Równolegle z FJ3 IUD i KMP otrzymały FJ4. Ta modyfikacja charakteryzowała się cieńszym profilem skrzydła i zwiększoną pojemnością paliwa. Maksymalna masa startowa wzrosła do 10750 kg, a zasięg lotu z PTB i dwoma pociskami Sidewinder osiągnął 3200 km. Uzbrojenie pozostało takie samo jak we wczesnych modelach Fury, a maksymalna prędkość na wysokości sięgała 1090 km/h. Podobnie jak poprzednie modele Sabre na lotniskowcu, FJ4 rozpoczął służbę jako myśliwiec przechwytujący, ale później został przeorientowany, aby radzić sobie z misjami szturmowymi. Do floty dostarczono łącznie 374 samoloty FJ4. Ich eksploatacja w lotnictwie Korpusu Piechoty Morskiej trwała do końca lat 60-tych.

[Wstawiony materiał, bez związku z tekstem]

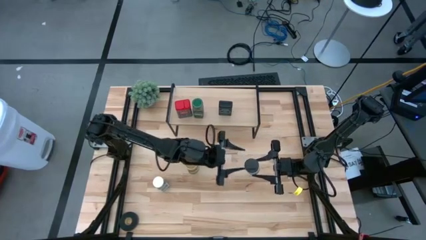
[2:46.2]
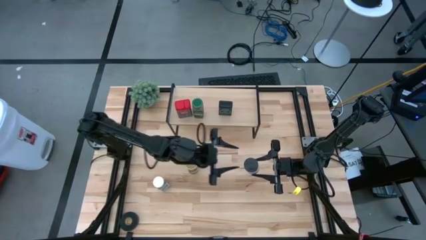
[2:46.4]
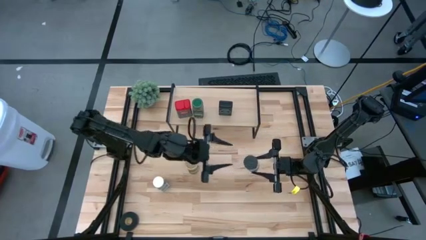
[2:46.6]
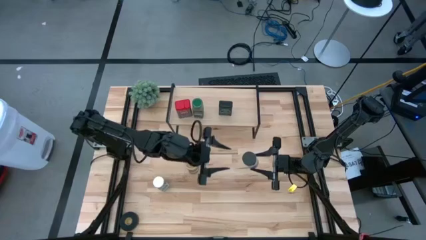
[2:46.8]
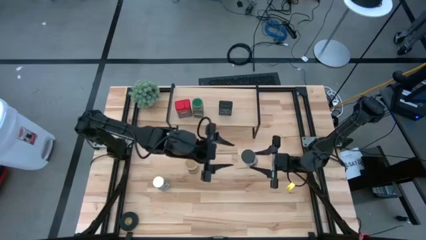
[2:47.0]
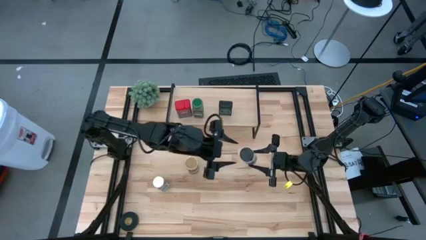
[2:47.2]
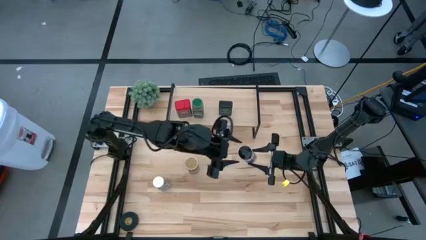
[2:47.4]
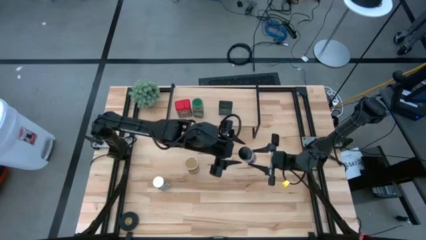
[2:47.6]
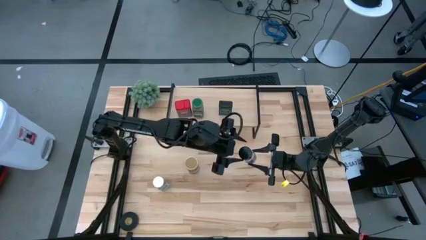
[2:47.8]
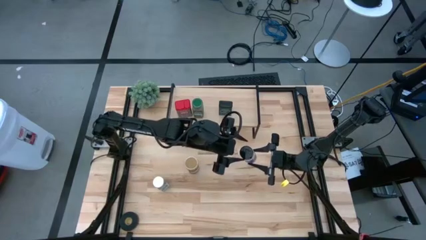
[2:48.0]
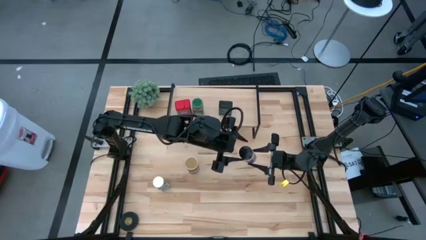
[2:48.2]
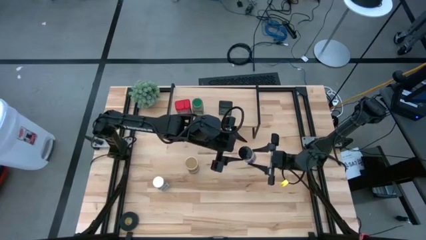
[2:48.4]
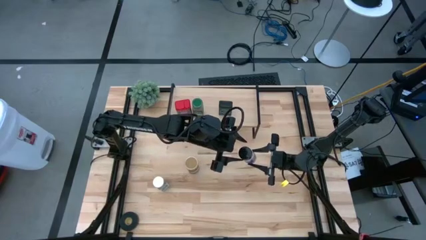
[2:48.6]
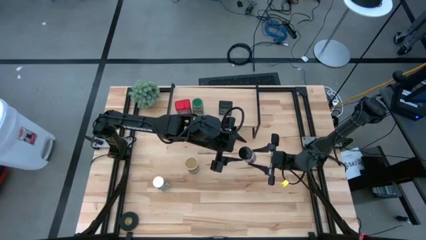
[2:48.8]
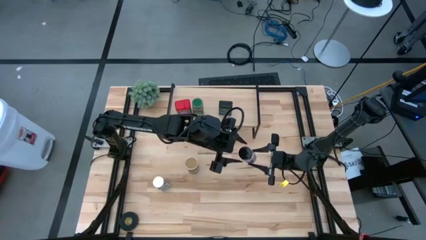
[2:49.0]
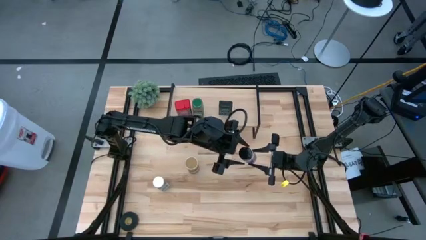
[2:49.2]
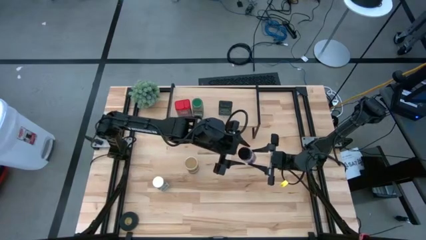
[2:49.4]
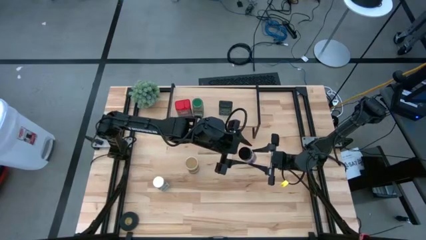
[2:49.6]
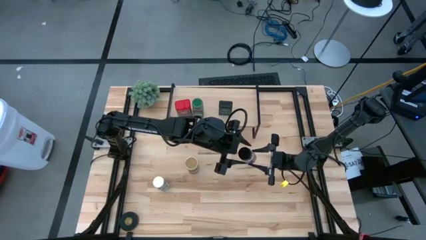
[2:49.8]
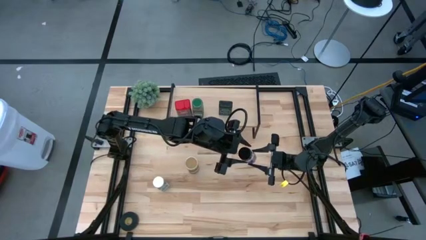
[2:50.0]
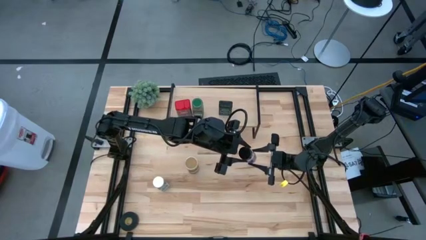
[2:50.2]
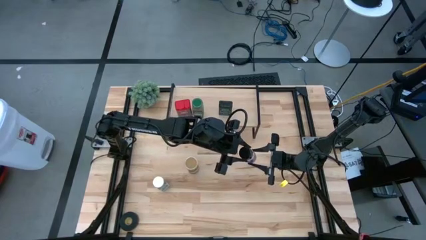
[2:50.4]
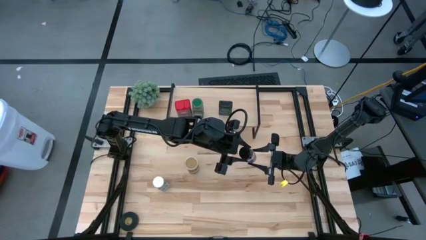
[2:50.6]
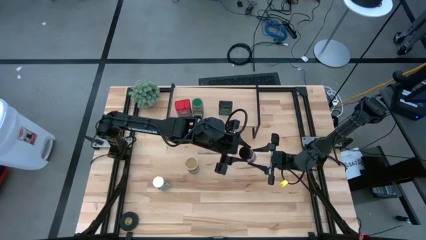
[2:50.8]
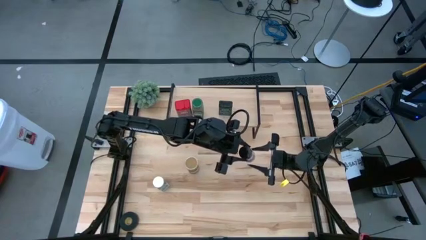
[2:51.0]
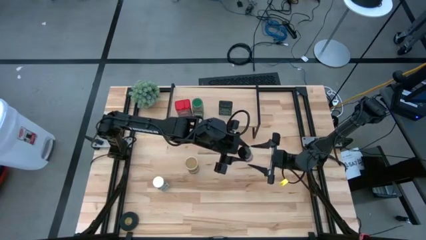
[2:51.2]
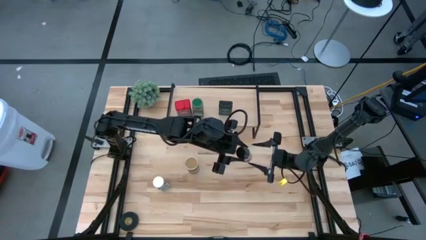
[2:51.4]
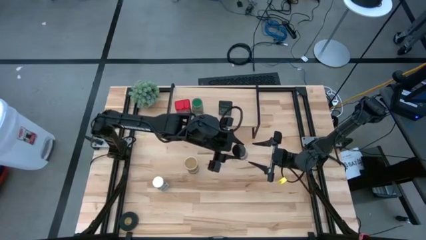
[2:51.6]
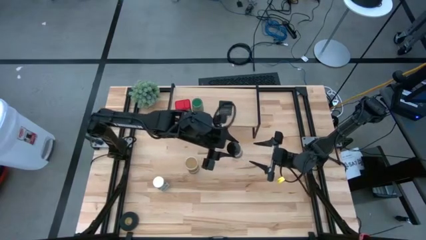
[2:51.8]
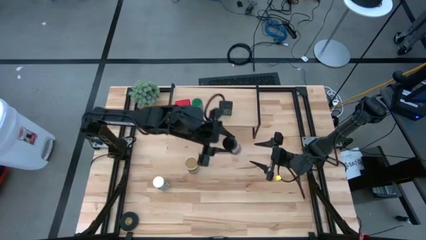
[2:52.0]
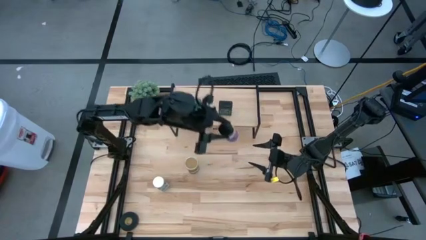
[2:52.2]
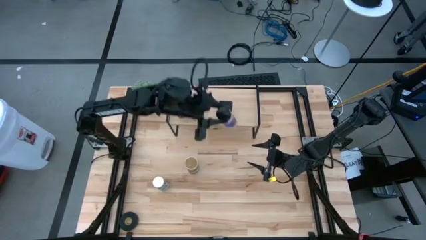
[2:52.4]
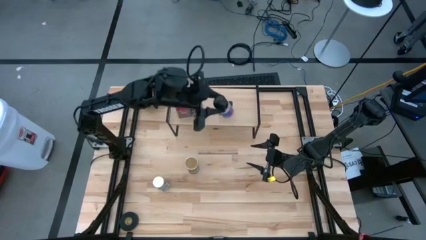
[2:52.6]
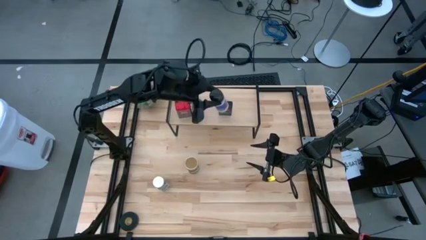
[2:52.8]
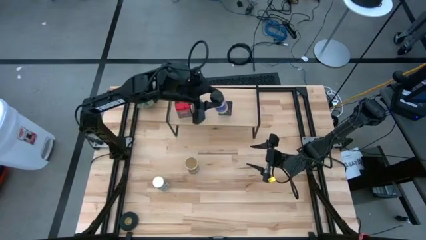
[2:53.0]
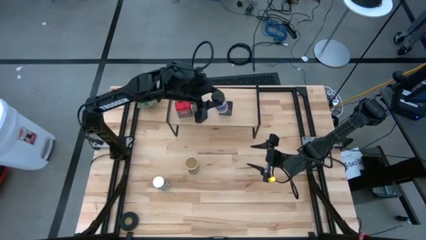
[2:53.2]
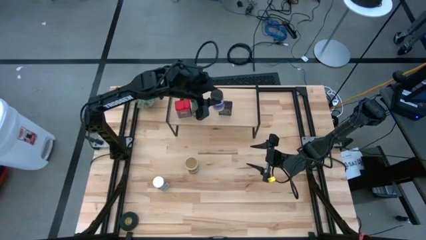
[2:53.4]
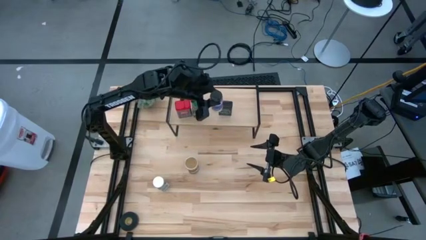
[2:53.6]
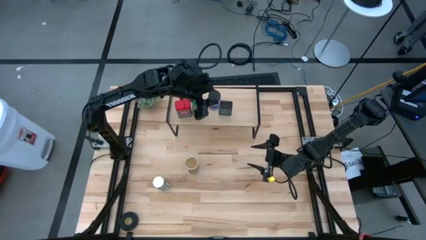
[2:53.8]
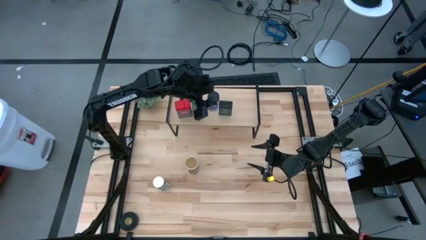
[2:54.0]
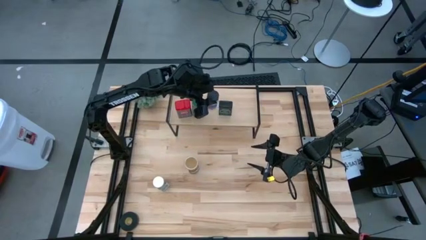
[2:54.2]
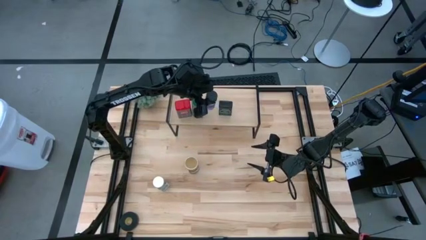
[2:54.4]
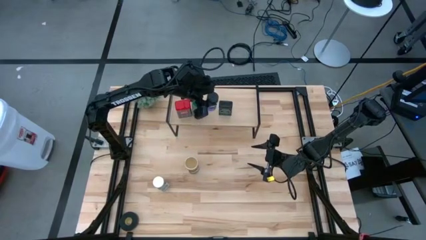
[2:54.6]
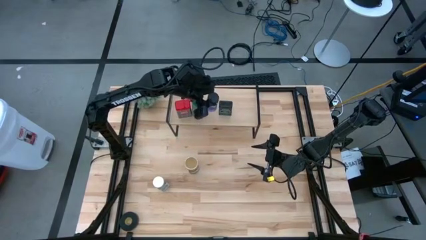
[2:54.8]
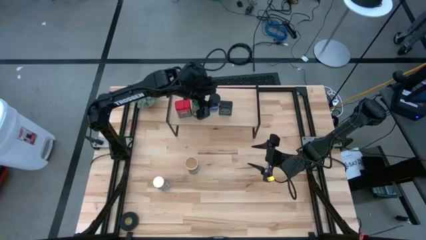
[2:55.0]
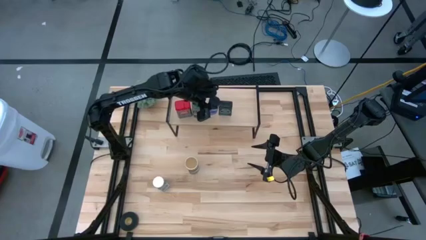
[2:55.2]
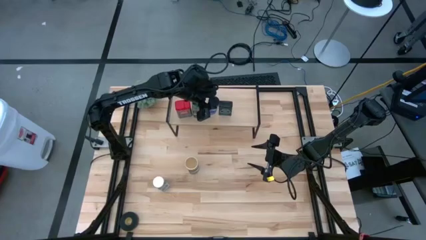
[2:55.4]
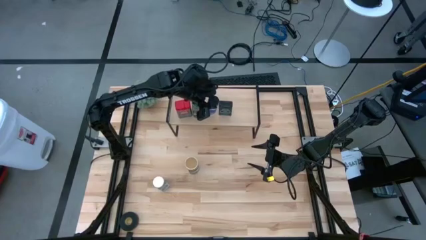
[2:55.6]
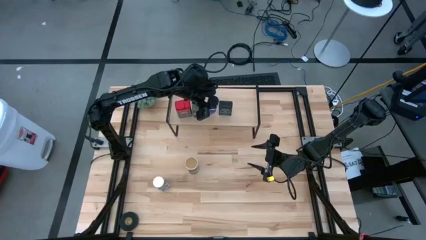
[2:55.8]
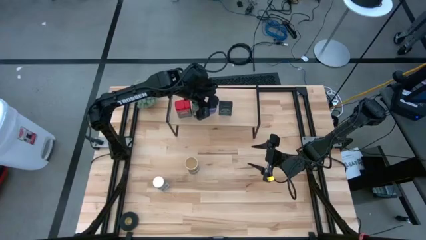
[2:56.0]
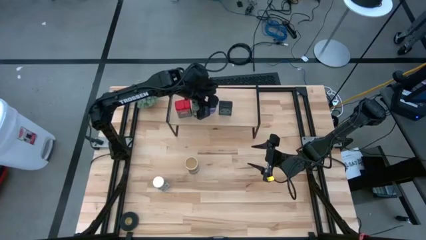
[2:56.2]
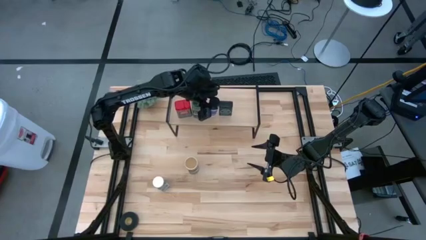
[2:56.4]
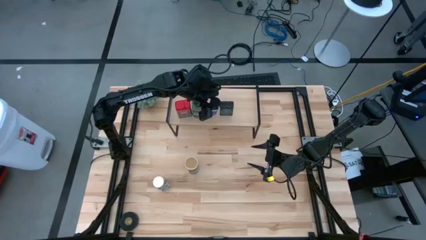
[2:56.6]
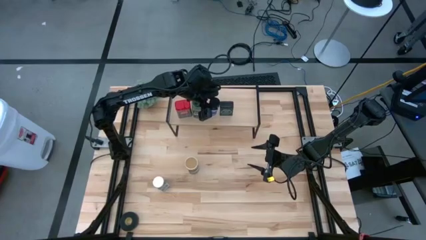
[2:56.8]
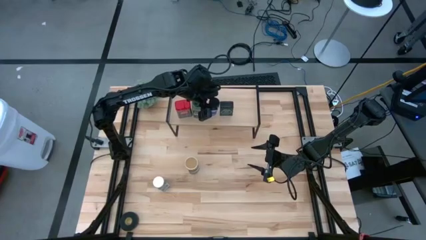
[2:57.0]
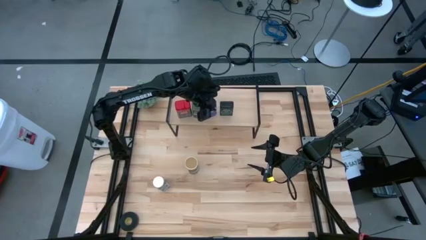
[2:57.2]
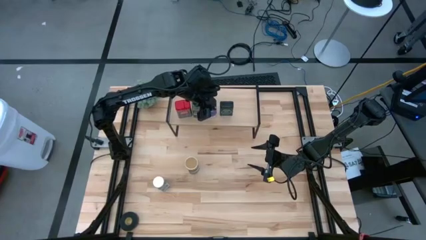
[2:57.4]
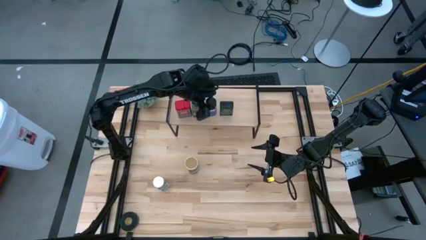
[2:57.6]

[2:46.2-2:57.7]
Task: Shelf spices
Put the black seasoning bottle on the shelf aligned with the other black seasoning can

Aby przeciwstawić się sowieckim bombowcom torpedowym Tu-14 i Ił-28, które w znacznej liczbie przybyły do pułków lotniczych marynarki wojennej ZSRR, Amerykanie potrzebowali szybszych myśliwców pokładowych. Pod tym względem F9F Cougar firmy Grumman stał się myśliwcem przechwytującym na głównym pokładzie w drugiej połowie lat 50-tych. „Coguar” powstał na bazie odrzutowego myśliwca pokładowego F9F Panther. Główną różnicą w stosunku do „Pantery” było skrzydło w kształcie strzały. Dowództwo Floty sklasyfikowało Coguara jako nowy model Pantery i dlatego miał ten sam indeks alfanumeryczny.

Obraz
Obraz

Myśliwiec pokładowy o maksymalnej masie startowej 9520 kg został przyspieszony przez turboodrzutowy silnik Pratt & Whitney J48-P-8A o ciągu 38 kN do 1135 km/h. Praktyczny zasięg lotu - 1500 km. Aby uzupełnić zapas paliwa w powietrzu, samolot posiadał sondę do tankowania. Chociaż maksymalna prędkość lotu Coguara nie była dużo wyższa niż Fury'ego, zmodernizowane pokładowe Coguary miały duży zasięg lotu, wyposażone w radar APG-30A, system kierowania ogniem Aero 5D i pociski bojowe. Wbudowane uzbrojenie składało się z czterech działek kal. 20 mm.

Pierwsza eskadra "Koguara" VF-24 została rozmieszczona na lotnisku USS Yorktown (CV-10) w sierpniu 1953 roku, ale nie brał udziału w działaniach wojennych w Korei. W 1958 roku piloci myśliwców pokładowych przeszli na nowocześniejsze maszyny, ale Coguary nadal były używane w eskadrach rozpoznawczych i szkoleniowych. W początkowym okresie wojny w Wietnamie dwumiejscowy wariant szkoleniowy F9F-8T był używany przez amerykański ILC jako samolot rozpoznawczy i naprowadzający. W sumie zbudowano około 1900 pojedynczych i podwójnych „Coguarów”, ostatni dwumiejscowy samolot wycofano z eksploatacji w 1974 roku.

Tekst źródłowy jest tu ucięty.